The Neuroprotective Effect of miR-181a After Oxygen-Glucose Deprivation/Reperfusion and the Associated Mechanism.

The level of miR-181a decreases rapidly in N2a cells following oxygen-glucose deprivation/reperfusion, but its role in this process is unclear. Reelin, a regulator of neuronal migration and synaptogenesis, is a predicted target of miR-181a. We hypothesized that miR-181a reduces neuronal apoptosis and protects neurons by targeting reelin. Second mitochondria-derived activator of caspases (Smac) is a protein located in mitochondria that regulates apoptosis. The pro-apoptotic effect of Smac is achieved by reversing the effects of apoptosis-inhibiting proteins (IAPs), particularly X-linked inhibitor of apoptosis (XIAP). We also evaluated the effect of miR-181a on the Smac/IAP signaling pathway after oxygen-glucose deprivation and reperfusion in N2a cells. The miR-181a level, apoptosis rate, and the levels of reelin mRNA and protein, Smac, and XIAP were assessed in N2a cells subjected to oxygen-glucose deprivation for 4 h and reperfusion for 0, 4, 12, or 24 h with/without an miR-181a mimic, or mismatched control. Direct targeting of reelin by miR-181a was assessed in vitro by dual luciferase assay and immunoblotting. Pre-treatment with miR-181a mimicked the increase in the miR-181a level in N2a cells after oxygen-glucose deprivation/reperfusion, resulting in a significant decrease in the apoptosis rate. Changes in the miR-181a level in N2a cells were inversely correlated with reelin protein expression.
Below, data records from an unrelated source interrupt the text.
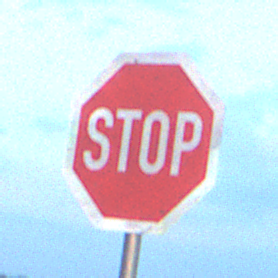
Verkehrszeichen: Stop
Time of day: SunriseSunset
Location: Outdoor (Nature)
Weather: PartlyCloudy
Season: NotSpecified
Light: Natural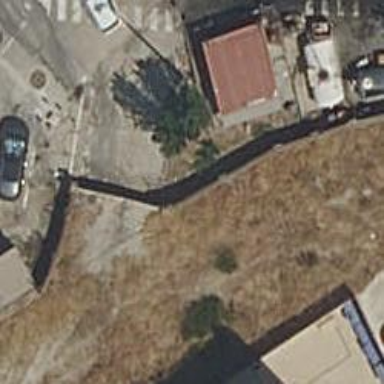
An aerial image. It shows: Wall is shown in the image.

Direct targeting of the reelin 3' untranslated region by miR-181a was verified by dual luciferase assay, which showed that miR-181a significantly inhibited luciferase activity. The Smac level was significantly lower in the miR-181a mimics than the normal control and mimics-cont groups (P < 0.01), whereas the level of XIAP was increased slightly. These findings suggest that miR-181a protects neurons from apoptosis by inhibiting reelin expression and regulating the Smac/IAP signaling pathway after oxygen-glucose deprivation/reperfusion injury.